From the factory there are 2 dual battery options. One is as above pos to pos and neg to neg. This is how all diesls are hooked up and is the best system for plowing.
The other factory option uses an isolator on the second battery. This is good for trailer, inverter use where you don't want to drain the starting battery but want both to charge.
The rpo code for the dual battery isolator is 8BO and for the dual battery parrall hook up is TP2.


----------



## Snowman19 (Sep 30, 2006)

I have dual batteries in my 01 2500HD Are they already hooked together?


----------



## joe b (Oct 1, 2006)

Yes, 
If you wire in parallel ie. pos to pos/ neg to neg, and your batts are 600cca each you have one big 12volt battery with 1200cca. If you wired them in series pos to neg, truck ground to neg, truck pos to pos. you would have a 24 volt 600cca battery. so unless your truck says catapillar on the side. wire them parallel.


----------



## calhoun (Oct 18, 2003)

Snowman19 said:


> I have dual batteries in my 01 2500HD Are they already hooked together?


If you have 2 batterys they must be hooked together. If not you could not charge both off one alternator. It is just a question of how they are hooked together. See my above post, look in your glove box, and see what RPO code is listed. That will tell you how they are hooked up.


----------



## dutchman (Aug 20, 2005)

Snowman19 said:


> I have dual batteries in my 01 2500HD Are they already hooked together?


Hi I looked under the hood on my 2001 2500 HD I think there is no space can you tell me how you did it and do you have pictures.


----------



## DugHD (Nov 1, 2005)

dutchman said:


> Hi I looked under the hood on my 2001 2500 HD I think there is no space can you tell me how you did it and do you have pictures.

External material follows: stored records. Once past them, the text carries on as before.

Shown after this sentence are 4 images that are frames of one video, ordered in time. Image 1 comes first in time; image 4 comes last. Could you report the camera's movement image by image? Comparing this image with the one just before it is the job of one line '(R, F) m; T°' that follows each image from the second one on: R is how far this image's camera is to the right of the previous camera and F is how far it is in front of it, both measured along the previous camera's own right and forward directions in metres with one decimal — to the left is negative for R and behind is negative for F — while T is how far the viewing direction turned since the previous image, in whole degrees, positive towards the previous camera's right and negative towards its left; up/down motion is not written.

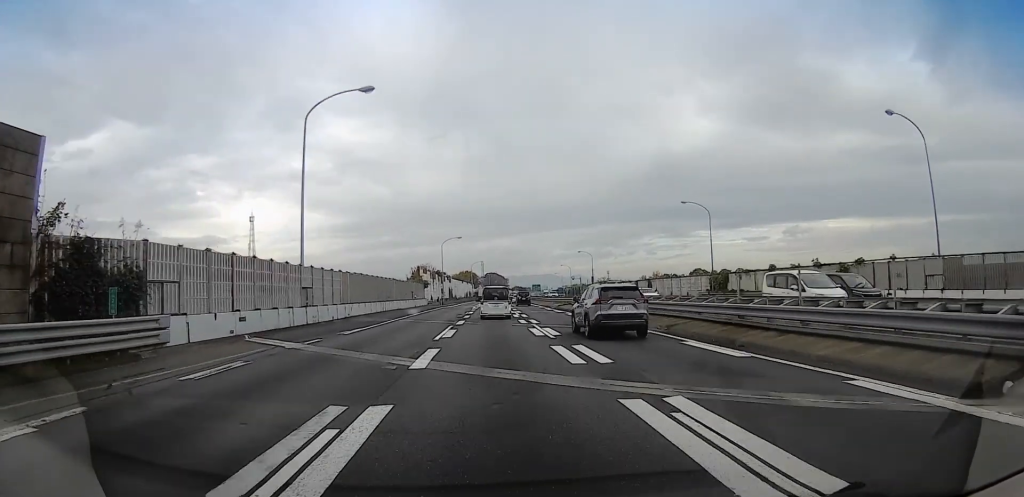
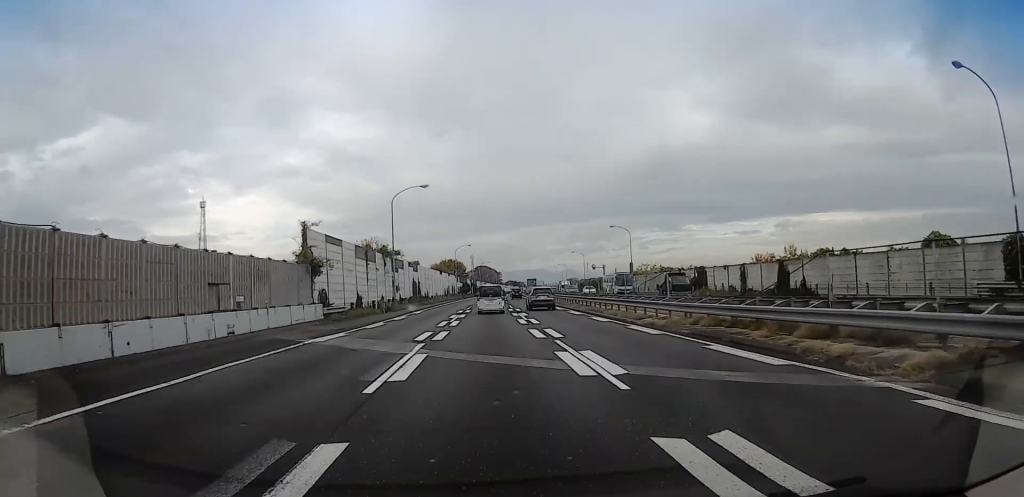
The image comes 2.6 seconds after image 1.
(0.0, +49.2) m; 0°
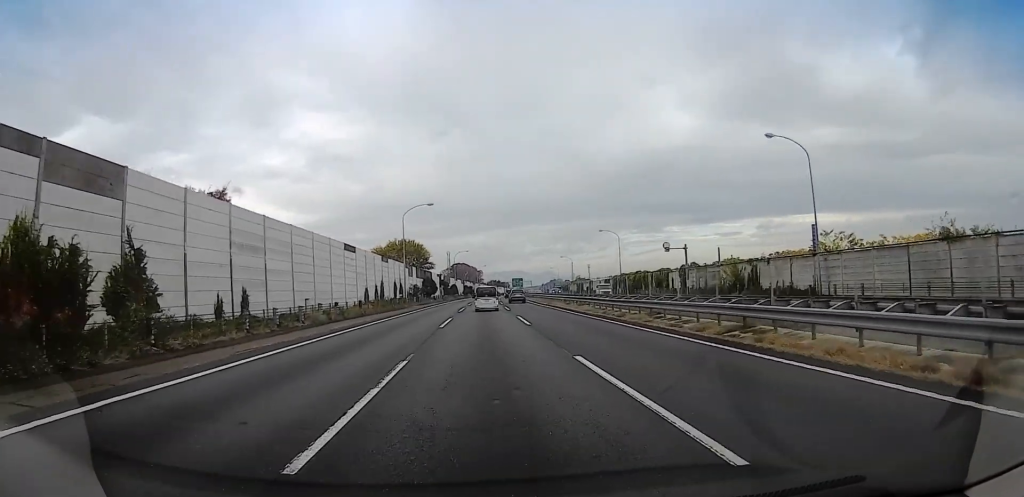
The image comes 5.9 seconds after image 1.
(+2.0, +64.4) m; +1°
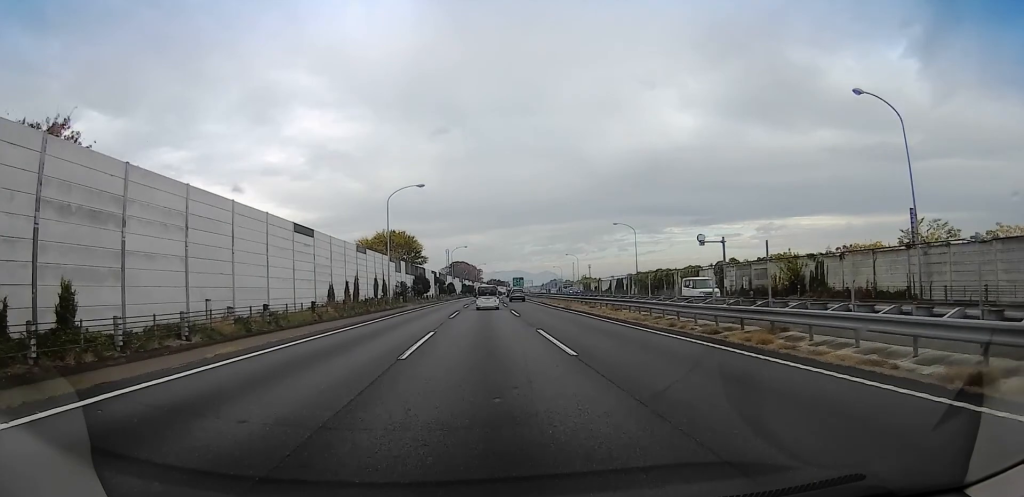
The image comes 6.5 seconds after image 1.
(-0.2, +11.4) m; -1°

Dutchman- here is a pic of a 2001HD2500 with dual battery set up. You can see one in the front right and the back left. Hope this helps. doug


----------



## dutchman (Aug 20, 2005)

Thanks Doug that will help


----------



## Triple L (Nov 1, 2005)

When you put in your second battery did you have to remove the brace that was on there. On my 06 there is a brace which is supporting the fender there which is preventing me from putting a battery there.


----------



## DugHD (Nov 1, 2005)

Hi, my dual batteries came that way new. Maybe the battery tray helps support the fender a little? doug


----------



## markq (Sep 22, 2005)

Just remove the brace. I did this on my '04 and the tray bolted right in. It was a liitle difficult figuring out a way to secure the battery so that it didnt move but still cleared the hood when closed, but it can be done.

I agree with everyone else on hooking up + to + and - to -, but it might not be bad to use an isolator when the truck is off....

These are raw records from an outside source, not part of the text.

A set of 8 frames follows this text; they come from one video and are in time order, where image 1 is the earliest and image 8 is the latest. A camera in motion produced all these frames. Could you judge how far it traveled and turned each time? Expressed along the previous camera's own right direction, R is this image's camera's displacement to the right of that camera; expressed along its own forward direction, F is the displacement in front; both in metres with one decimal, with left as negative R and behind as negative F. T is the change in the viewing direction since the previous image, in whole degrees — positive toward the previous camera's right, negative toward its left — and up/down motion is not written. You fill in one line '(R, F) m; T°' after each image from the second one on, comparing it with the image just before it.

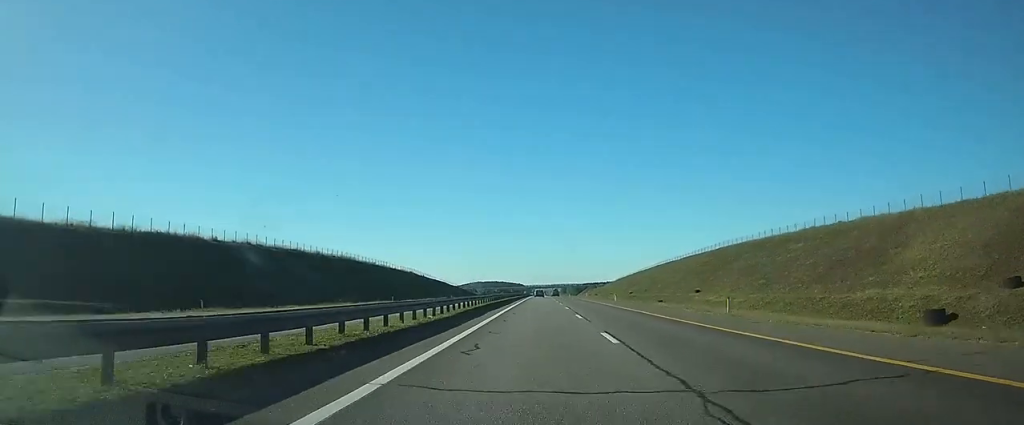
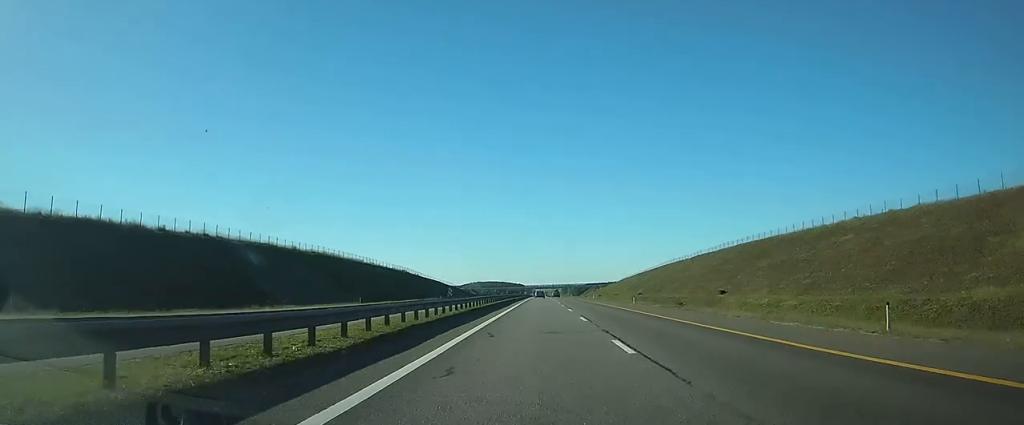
(0.0, +14.1) m; 0°
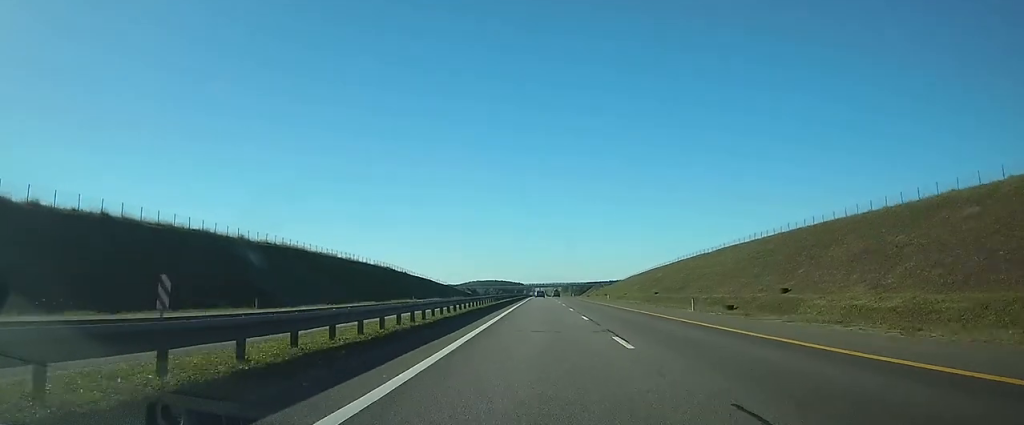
(0.0, +23.3) m; 0°
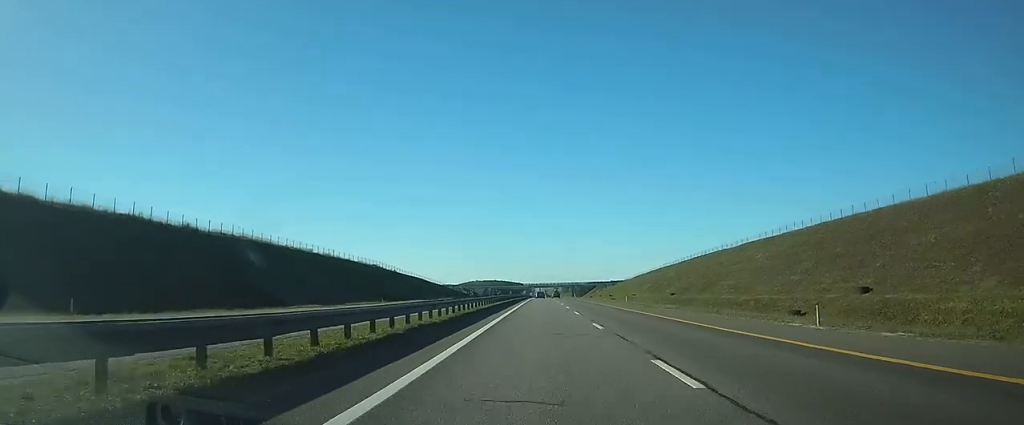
(0.0, +17.3) m; 0°
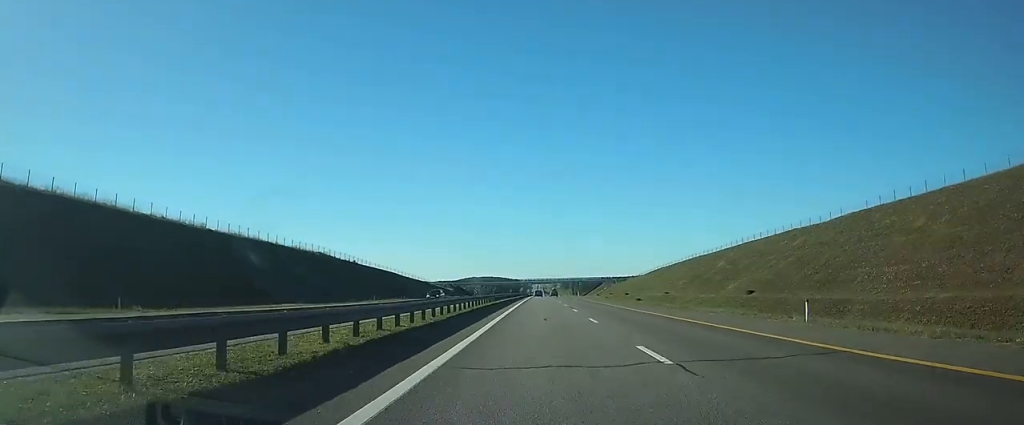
(0.0, +46.1) m; 0°
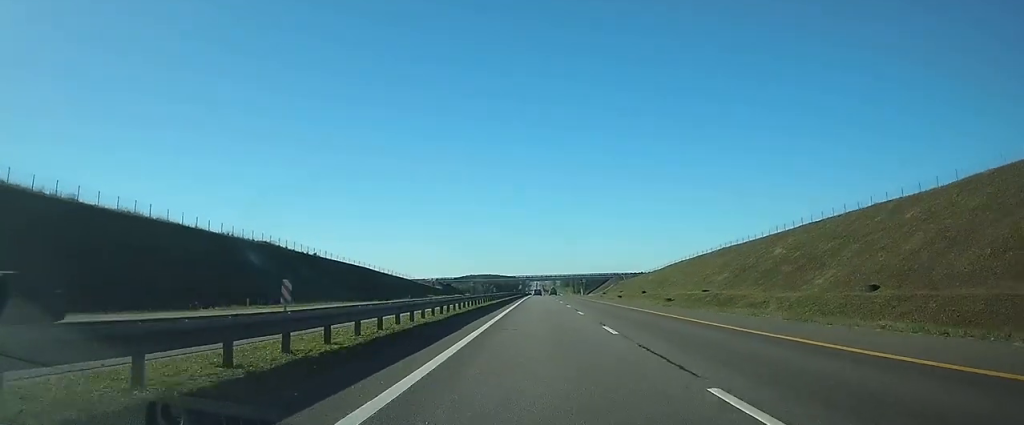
(0.0, +29.9) m; 0°
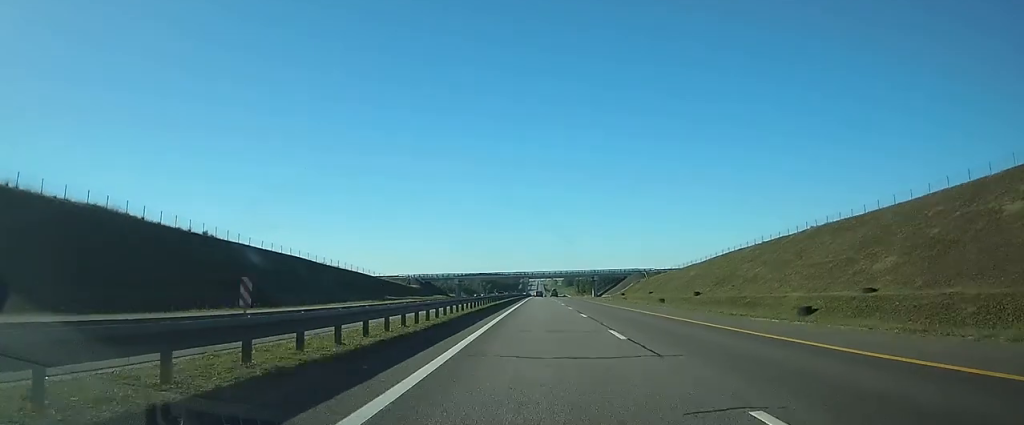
(+0.1, +49.9) m; 0°
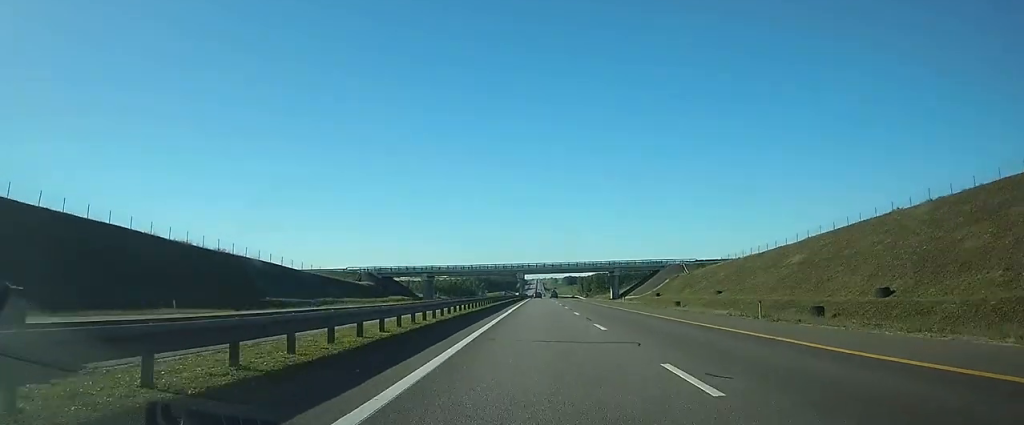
(-0.1, +56.7) m; 0°

I have mine setup with a 200A relay that connects the batteries when the key is turned. This makes sure that I get the extra amps, and also makes sure that the batteries both stay charged, but if the main battery runs down, I can still start with the second battery. Also I run my lights sometimes with the truck off - since they are connected to the second battery if I should happen to run the battery down, I will still have the main to start the truck with.

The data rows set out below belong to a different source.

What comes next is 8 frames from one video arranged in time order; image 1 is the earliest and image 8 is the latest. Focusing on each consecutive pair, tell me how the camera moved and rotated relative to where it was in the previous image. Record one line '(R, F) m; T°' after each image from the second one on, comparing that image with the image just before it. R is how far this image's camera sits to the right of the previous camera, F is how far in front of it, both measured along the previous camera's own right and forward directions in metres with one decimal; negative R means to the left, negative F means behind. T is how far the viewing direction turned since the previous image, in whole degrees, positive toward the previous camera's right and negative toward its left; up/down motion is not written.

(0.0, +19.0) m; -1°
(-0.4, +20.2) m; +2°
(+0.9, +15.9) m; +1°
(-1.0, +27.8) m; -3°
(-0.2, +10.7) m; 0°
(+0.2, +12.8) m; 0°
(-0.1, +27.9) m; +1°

Just another option - oh, and its a REALLY good idea to get identical batteries for this.


----------



## GetMore (Mar 19, 2005)

I picked up a battery isolator/combiner from Hellroaring for my dual battery setup. It has a switch so you can combine the two batteries, so both power the plow, or so if the main battery dies you can still start the truck. In normal operation it isolates the batteries, so you can use different rating/age batteries and not worry about them discharging each other.


----------



## SnoFarmer (Oct 15, 2004)

GetMore said:


> I picked up a battery isolator/combiner from Hellroaring for my dual battery setup. It has a switch so you can combine the two batteries, so both power the plow, or so if the main battery dies you can still start the truck. In normal operation it isolates the batteries, so you can use different rating/age batteries and not worry about them discharging each other.


If you flip the switch and "combine" them you need to have the same "rating/age batteries"
The way your describing your set up will be only as good as the weakest/smallest battery is when "combined". 
-------------------------------------------------------------------------------------------------------------------

markq

I agree with everyone else on hooking up + to + and - to -, but it might not be bad to use an isolator when the truck is off....

I have mine setup with a 200A relay that connects the batteries when the key is turned. This makes sure that I get the extra amps, and also makes sure that the batteries both stay charged, but if the main battery runs down, I can still start with the second battery. Also I run my lights sometimes with the truck off - since they are connected to the second battery if I should happen to run the battery down, I will still have the main to start the truck with".
------------------------------------------------------------------------------------------------------------------------------------------------------------------------------

That is true. But you have not supplied more power for the plow, an isolator defeats the purpose of the second battery.

You want the plow to have readily available amps, lots of them. The only way to do this is to have the batts working together to run the plow.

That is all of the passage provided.